[Exercise directions]: Every line below should be repeated exactly as written.

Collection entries
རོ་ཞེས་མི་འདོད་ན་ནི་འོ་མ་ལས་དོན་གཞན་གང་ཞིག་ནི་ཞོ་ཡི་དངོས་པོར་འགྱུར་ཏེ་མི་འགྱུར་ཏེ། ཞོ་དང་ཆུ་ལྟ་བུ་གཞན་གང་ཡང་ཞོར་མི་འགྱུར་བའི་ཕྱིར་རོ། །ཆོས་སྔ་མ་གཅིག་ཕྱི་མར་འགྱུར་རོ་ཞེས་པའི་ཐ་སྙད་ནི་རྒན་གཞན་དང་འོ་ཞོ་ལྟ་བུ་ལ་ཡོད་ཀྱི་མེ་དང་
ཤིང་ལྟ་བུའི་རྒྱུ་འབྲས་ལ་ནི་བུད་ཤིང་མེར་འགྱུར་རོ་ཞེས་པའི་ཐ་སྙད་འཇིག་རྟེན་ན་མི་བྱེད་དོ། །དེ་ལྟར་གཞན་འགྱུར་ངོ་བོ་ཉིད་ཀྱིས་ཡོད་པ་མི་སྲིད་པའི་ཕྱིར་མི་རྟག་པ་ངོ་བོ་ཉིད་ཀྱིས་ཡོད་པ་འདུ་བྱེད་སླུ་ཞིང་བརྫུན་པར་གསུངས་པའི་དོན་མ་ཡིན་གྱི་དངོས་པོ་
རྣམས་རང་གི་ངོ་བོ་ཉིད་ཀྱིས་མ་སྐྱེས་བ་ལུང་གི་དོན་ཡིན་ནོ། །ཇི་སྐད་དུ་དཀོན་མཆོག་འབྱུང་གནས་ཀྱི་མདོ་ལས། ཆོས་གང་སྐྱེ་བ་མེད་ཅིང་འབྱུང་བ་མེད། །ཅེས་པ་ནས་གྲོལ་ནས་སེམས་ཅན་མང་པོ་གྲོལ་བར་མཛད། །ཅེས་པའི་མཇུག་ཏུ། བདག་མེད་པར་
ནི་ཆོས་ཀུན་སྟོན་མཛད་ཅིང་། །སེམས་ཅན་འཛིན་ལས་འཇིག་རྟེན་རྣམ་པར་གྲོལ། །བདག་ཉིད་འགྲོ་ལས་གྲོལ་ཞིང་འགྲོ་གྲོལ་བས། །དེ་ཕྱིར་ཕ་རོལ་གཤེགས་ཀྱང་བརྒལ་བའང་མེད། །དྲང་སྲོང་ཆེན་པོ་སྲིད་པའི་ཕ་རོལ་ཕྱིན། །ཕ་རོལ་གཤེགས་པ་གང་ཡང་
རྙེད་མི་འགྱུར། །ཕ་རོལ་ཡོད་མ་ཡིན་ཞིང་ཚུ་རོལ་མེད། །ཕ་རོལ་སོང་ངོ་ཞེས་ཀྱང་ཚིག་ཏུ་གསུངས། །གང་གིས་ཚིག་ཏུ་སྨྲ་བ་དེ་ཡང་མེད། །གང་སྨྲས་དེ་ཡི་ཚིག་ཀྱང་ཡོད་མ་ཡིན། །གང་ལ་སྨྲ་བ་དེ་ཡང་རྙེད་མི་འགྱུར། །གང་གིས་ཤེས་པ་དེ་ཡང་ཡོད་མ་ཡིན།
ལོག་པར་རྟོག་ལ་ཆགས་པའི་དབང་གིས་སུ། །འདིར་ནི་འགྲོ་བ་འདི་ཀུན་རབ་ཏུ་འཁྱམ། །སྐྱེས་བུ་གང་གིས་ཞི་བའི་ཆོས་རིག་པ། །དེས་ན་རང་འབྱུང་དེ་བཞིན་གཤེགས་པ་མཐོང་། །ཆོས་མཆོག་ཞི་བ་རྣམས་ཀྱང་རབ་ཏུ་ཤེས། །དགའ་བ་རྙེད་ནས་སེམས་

[Answer to the exercise]:
རོ་ཞེས་མི་འདོད་ན་ནི་འོ་མ་ལས་དོན་གཞན་གང་ཞིག་ནི་ཞོ་ཡི་དངོས་པོར་འགྱུར་ཏེ་མི་འགྱུར་ཏེ། ཞོ་དང་ཆུ་ལྟ་བུ་གཞན་གང་ཡང་ཞོར་མི་འགྱུར་བའི་ཕྱིར་རོ། །ཆོས་སྔ་མ་གཅིག་ཕྱི་མར་འགྱུར་རོ་ཞེས་པའི་ཐ་སྙད་ནི་རྒན་གཞན་དང་འོ་ཞོ་ལྟ་བུ་ལ་ཡོད་ཀྱི་མེ་དང་
ཤིང་ལྟ་བུའི་རྒྱུ་འབྲས་ལ་ནི་བུད་ཤིང་མེར་འགྱུར་རོ་ཞེས་པའི་ཐ་སྙད་འཇིག་རྟེན་ན་མི་བྱེད་དོ། །དེ་ལྟར་གཞན་འགྱུར་ངོ་བོ་ཉིད་ཀྱིས་ཡོད་པ་མི་སྲིད་པའི་ཕྱིར་མི་རྟག་པ་ངོ་བོ་ཉིད་ཀྱིས་ཡོད་པ་འདུ་བྱེད་སླུ་ཞིང་བརྫུན་པར་གསུངས་པའི་དོན་མ་ཡིན་གྱི་དངོས་པོ་
རྣམས་རང་གི་ངོ་བོ་ཉིད་ཀྱིས་མ་སྐྱེས་བ་ལུང་གི་དོན་ཡིན་ནོ། །ཇི་སྐད་དུ་དཀོན་མཆོག་འབྱུང་གནས་ཀྱི་མདོ་ལས། ཆོས་གང་སྐྱེ་བ་མེད་ཅིང་འབྱུང་བ་མེད། །ཅེས་པ་ནས་གྲོལ་ནས་སེམས་ཅན་མང་པོ་གྲོལ་བར་མཛད། །ཅེས་པའི་མཇུག་ཏུ། བདག་མེད་པར་
ནི་ཆོས་ཀུན་སྟོན་མཛད་ཅིང་། །སེམས་ཅན་འཛིན་ལས་འཇིག་རྟེན་རྣམ་པར་གྲོལ། །བདག་ཉིད་འགྲོ་ལས་གྲོལ་ཞིང་འགྲོ་གྲོལ་བས། །དེ་ཕྱིར་ཕ་རོལ་གཤེགས་ཀྱང་བརྒལ་བའང་མེད། །དྲང་སྲོང་ཆེན་པོ་སྲིད་པའི་ཕ་རོལ་ཕྱིན། །ཕ་རོལ་གཤེགས་པ་གང་ཡང་
རྙེད་མི་འགྱུར། །ཕ་རོལ་ཡོད་མ་ཡིན་ཞིང་ཚུ་རོལ་མེད། །ཕ་རོལ་སོང་ངོ་ཞེས་ཀྱང་ཚིག་ཏུ་གསུངས། །གང་གིས་ཚིག་ཏུ་སྨྲ་བ་དེ་ཡང་མེད། །གང་སྨྲས་དེ་ཡི་ཚིག་ཀྱང་ཡོད་མ་ཡིན། །གང་ལ་སྨྲ་བ་དེ་ཡང་རྙེད་མི་འགྱུར། །གང་གིས་ཤེས་པ་དེ་ཡང་ཡོད་མ་ཡིན།
ལོག་པར་རྟོག་ལ་ཆགས་པའི་དབང་གིས་སུ། །འདིར་ནི་འགྲོ་བ་འདི་ཀུན་རབ་ཏུ་འཁྱམ། །སྐྱེས་བུ་གང་གིས་ཞི་བའི་ཆོས་རིག་པ། །དེས་ན་རང་འབྱུང་དེ་བཞིན་གཤེགས་པ་མཐོང་། །ཆོས་མཆོག་ཞི་བ་རྣམས་ཀྱང་རབ་ཏུ་ཤེས། །དགའ་བ་རྙེད་ནས་སེམས་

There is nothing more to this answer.